My school has 14 000 students. Suppose that each has one text per year examined. That means 840 wrong classifications! And even if only one percent was a false accusation, that is still 140 traumatized students. And it will tend to be those writing in a second language that are thus penalized, as other studies have shown (such as https://arxiv.org/abs/2304.02819).
I don’t know where to start.
To get 840 “wrong classifications” from 14,000, she’s using the 94% average overall correct classification for all 14 systems in her trials. Not all 14 systems are in use at her school, or at any school. Some of the tested systems, I think it’s fair to say, are used by no one, anywhere. Who is using GPT-2 Output Detector Demo? Yet it’s weighted the same as Turnitin and CrossPlag, which are in wide academic use.
By far, the most widely used AI detection system across all schools is Turnitin. It had a 0% “wrong classification” rate for human writing. Zero.
Then, Weber-Wulff seamlessly swaps the terms “classifications” and “accusations” as if they are the same. This assumes that any and every flag of AI text turns into an accusation of misconduct.
As I walked through in Issue 248, this is fantasy. It’s also very dismissive of teachers — assuming they will blindly follow the technology, and the technology only, without using any of their skills or experience. Anyway, all that is in Issue 248, I don’t need to repeat it here. But it does expose a profound lack of understanding about academic integrity realities.

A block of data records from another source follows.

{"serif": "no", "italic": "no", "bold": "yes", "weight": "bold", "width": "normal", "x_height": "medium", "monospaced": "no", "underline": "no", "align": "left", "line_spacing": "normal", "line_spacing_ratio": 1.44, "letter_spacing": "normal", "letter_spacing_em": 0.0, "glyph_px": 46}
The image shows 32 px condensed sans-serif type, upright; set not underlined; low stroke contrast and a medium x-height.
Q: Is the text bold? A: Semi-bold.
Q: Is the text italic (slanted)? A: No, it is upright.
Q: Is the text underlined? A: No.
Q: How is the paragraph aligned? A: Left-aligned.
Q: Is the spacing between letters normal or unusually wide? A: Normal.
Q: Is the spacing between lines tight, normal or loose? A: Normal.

Finally, the study she cites, and where I left the link in, is — to be kind — suspect. I wrote about it at length in Issue 216.

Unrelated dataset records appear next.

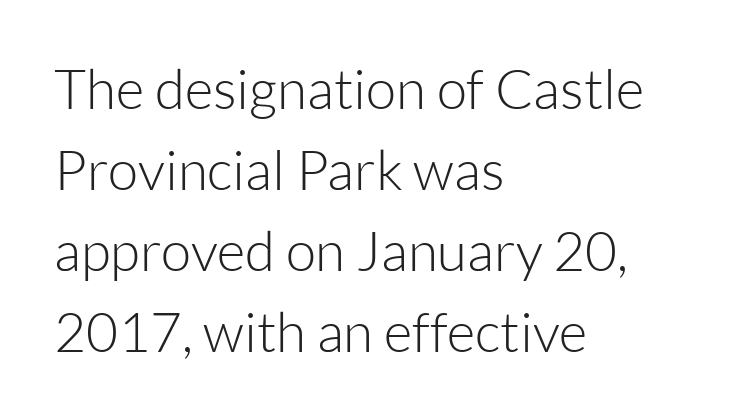
Q: Is the text bold? A: No.
Q: Is the text italic (slanted)? A: No, it is upright.
Q: Is the typeface a serif or a sans-serif typeface? A: Sans-serif.
Q: Is the text underlined? A: No.
Q: How is the paragraph aligned? A: Left-aligned.
Q: Is the spacing between letters normal or unusually wide? A: Normal.
Q: Is the spacing between lines tight, normal or loose? A: Normal.
Q: Width (condensed, normal, or wide)? A: Normal.
Q: Stroke contrast? A: Low.
Q: x-height? A: Medium.
Q: Monospaced? A: No.
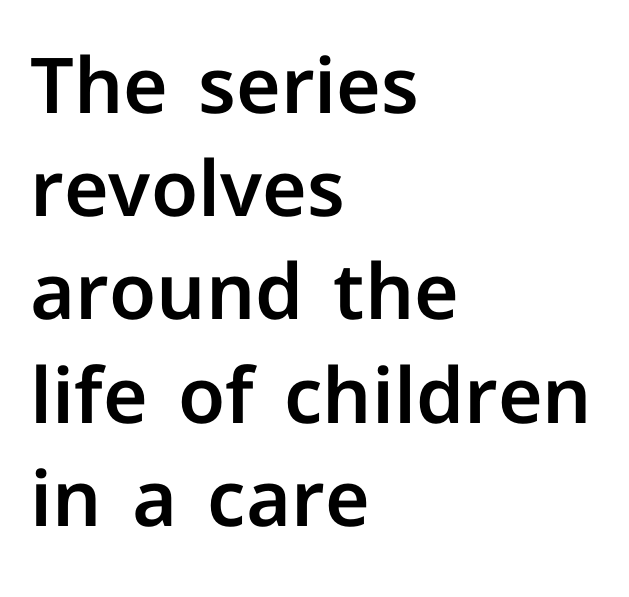
Observe the absence of serifs on each vertical stroke in this sample. Looks like regular typesetting: each glyph gets only the width it needs. Horizontal bands of white between lines are of average thickness. Ascenders rise straight up at ninety degrees.

Especially curious when juxtaposed to the previous excerpt, is this from Weber-Wulff:
The systems appear to default to human if they are not sure. That is good for an educational setting, but that does not prove that they work. And our sample was not really that large.
Setting aside the “not really that large” part, which I touched on at the start, it’s very interesting that she says a lean in favor of not flagging human writing is “good for an educational setting.” It is. We’re discussing it in an educational setting.
Not counting citations, her research paper uses the word “students” 31 times. It literally has a section titled, “False Accusations: Harm to individual students.” Yet she says that defaulting to human and minimizing false positives is “good for an education setting.” I’m confused.
And, no, a “default to human” does not prove they work. Four different systems with accuracy rates above 90% proves they work.
The last bit I will share from Weber-Wulff is that, after saying that I read her findings as showing that AI detection works, she wrote:
That is exactly NOT our conclusion! Our focus on academic integrity is a rather different from yours - you assume that students cheat.
We want to teach students to work with integrity. Once they get to the workplace there won't be "guardrails" in place, so our only hope is to instill good academic practice in them!
Yes, her conclusion is clear. We covered that.
I do assume students cheat. Because students cheat. This is not an opinion.
All I can leave you with is that the cited lead author of this study, by inference, does not assume students cheat, wants to “teach students to work with integrity,” references “traumatized students” because of an assumption that every flag of AI similarity spins up a full integrity accusation.